Comment 6 for bug 1940283

Revision history for this message
Andrew Johnson (anj) wrote :

I take that back, this isn't a bug so much as a request that we be more liberal than the JSON-5 spec permits. I might be open to that, but first we should make the error easier to understand. Here's what's happening:

The values of info() and field() entries in a database file are supposed to be valid JSON-5 values, and are currently parsed as such.

Looking at the JSON spec https://datatracker.ietf.org/doc/html/rfc7159 and the diagrams on https://www.json.org/json-en.html that spec doesn't actually allow *any* unescaped control characters inside string values. The spec says:

   A string begins and ends with
   quotation marks. All Unicode characters may be placed within the
   quotation marks, except for the characters that must be escaped:
   quotation mark, reverse solidus, and the control characters (U+0000
   through U+001F).

Thus all control characters are supposed to be escaped according to the older JSON rules.

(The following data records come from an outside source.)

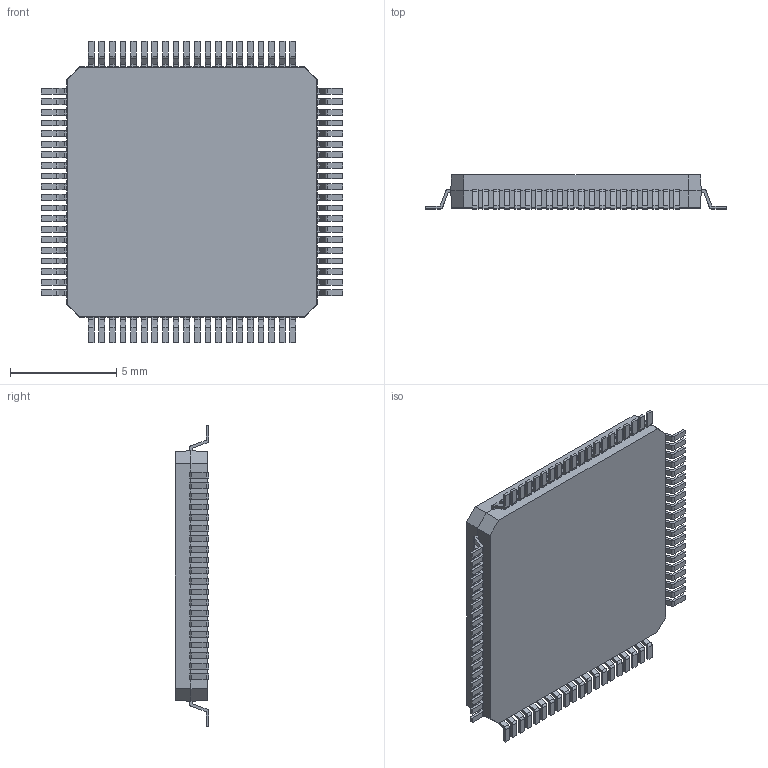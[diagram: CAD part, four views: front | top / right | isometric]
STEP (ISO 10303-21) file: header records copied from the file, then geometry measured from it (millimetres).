
FILE_DESCRIPTION (( 'STEP AP214' ), '1' );
FILE_NAME ('User Library-QFP50P1400X1400X160-80N.STEP', '2016-02-07T18:23:58', ( 'Windows User' ), ( '' ), 'SwSTEP 2.0', 'SolidWorks 2016', '' );
FILE_SCHEMA (( 'AUTOMOTIVE_DESIGN' ));
Length unit declared in the file: millimetre
Products named in the file (1): User Library-QFP50P1400X1400X160-80N
Bounding box: 14.2 x 1.6 x 14.2 mm (x, y, z)
Volume: 218 mm3; surface area: 456.3 mm2
Topology: 1 solids, 1 shells, 1064 faces, 3115 edges, 2074 vertices
Faces by surface type: plane 821, cylinder 162, bspline 81
Entity records: 39974 total; most frequent: CARTESIAN_POINT 11647, ORIENTED_EDGE 6230, DIRECTION 5245, EDGE_CURVE 3115, LINE 2629, VECTOR 2629, VERTEX_POINT 2074, AXIS2_PLACEMENT_3D 1308

The JSON-5 spec at https://spec.json5.org/#strings has similar language, although its BNF also confusingly allows an unescaped SourceCharacter from the ECMAScript language spec at https://262.ecma-international.org/5.1/#sec-6 specification, which is defined as "any Unicode code unit". I think that can be ignored though.

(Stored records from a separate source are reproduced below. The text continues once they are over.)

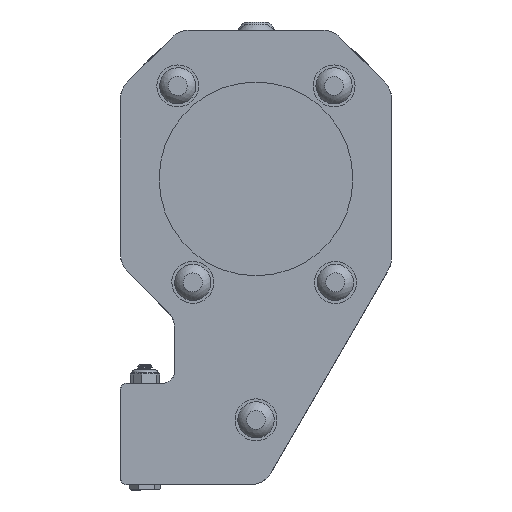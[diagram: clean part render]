
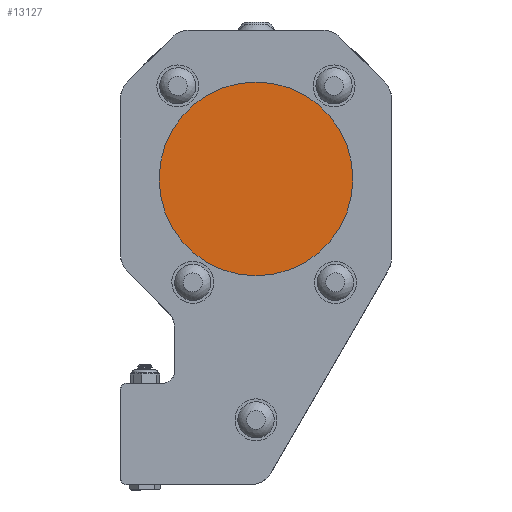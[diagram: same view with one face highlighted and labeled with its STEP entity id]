
A CAD part, left-side view. The second image highlights one B-rep face of the part: STEP entity #13127.
In plain terms, the highlighted planar face has unit normal (-1, 0, 0).
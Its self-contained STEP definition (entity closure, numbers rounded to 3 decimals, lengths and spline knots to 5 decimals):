
#2206=PLANE('',#14320);
#2841=FACE_OUTER_BOUND('',#3873,.T.);
#3873=EDGE_LOOP('',(#9791));
#5619=CIRCLE('',#14319,1.);
#6483=VERTEX_POINT('',#52733);
#7784=EDGE_CURVE('',#6483,#6483,#5619,.T.);
#9791=ORIENTED_EDGE('',*,*,#7784,.T.);
#13127=ADVANCED_FACE('',(#2841),#2206,.F.);
#14319=AXIS2_PLACEMENT_3D('',#52734,#16502,#16503);
#14320=AXIS2_PLACEMENT_3D('',#52735,#16504,#16505);
#16502=DIRECTION('center_axis',(-1.,0.,0.));
#16503=DIRECTION('ref_axis',(0.,1.,0.));
#16504=DIRECTION('center_axis',(1.,0.,0.));
#16505=DIRECTION('ref_axis',(0.,1.,0.));
#52733=CARTESIAN_POINT('',(-24.00923,-1.,0.));
#52734=CARTESIAN_POINT('Origin',(-24.00923,0.,
0.));
#52735=CARTESIAN_POINT('Origin',(-24.00923,0.,
0.));

Both of our JSON parser lexers (dbLex.l and yajl_lex.c) follow those strict specifications when it comes to the set of characters allowed inside strings. I could change them to allow unescaped tab characters inside strings (please comment if you have an opinion about that either way), but I will have to fix both parsers to do that.

I agree that the error messages you got aren't particularly helpful. The character being complained about is the initial double-quote at the start of the string – the lexer couldn't match the whole string because of the illegal character between the quotes, so it back-tracked to the very start of the it and complained about the quote itself. This also explains the "funny" result with the BEL character, which isn't currently legal anywhere in a .db file.

To give a more friendly error message here I can add error-matching patterns that recognize anything that looks like a string to a human but doesn't to the strict lexer, then tell the user what's wrong with their string. The first part should be relatively straightforward to code, although I'm not sure I want to write code that could analyze any kind of broken string and explain why it isn't a legal JSON string.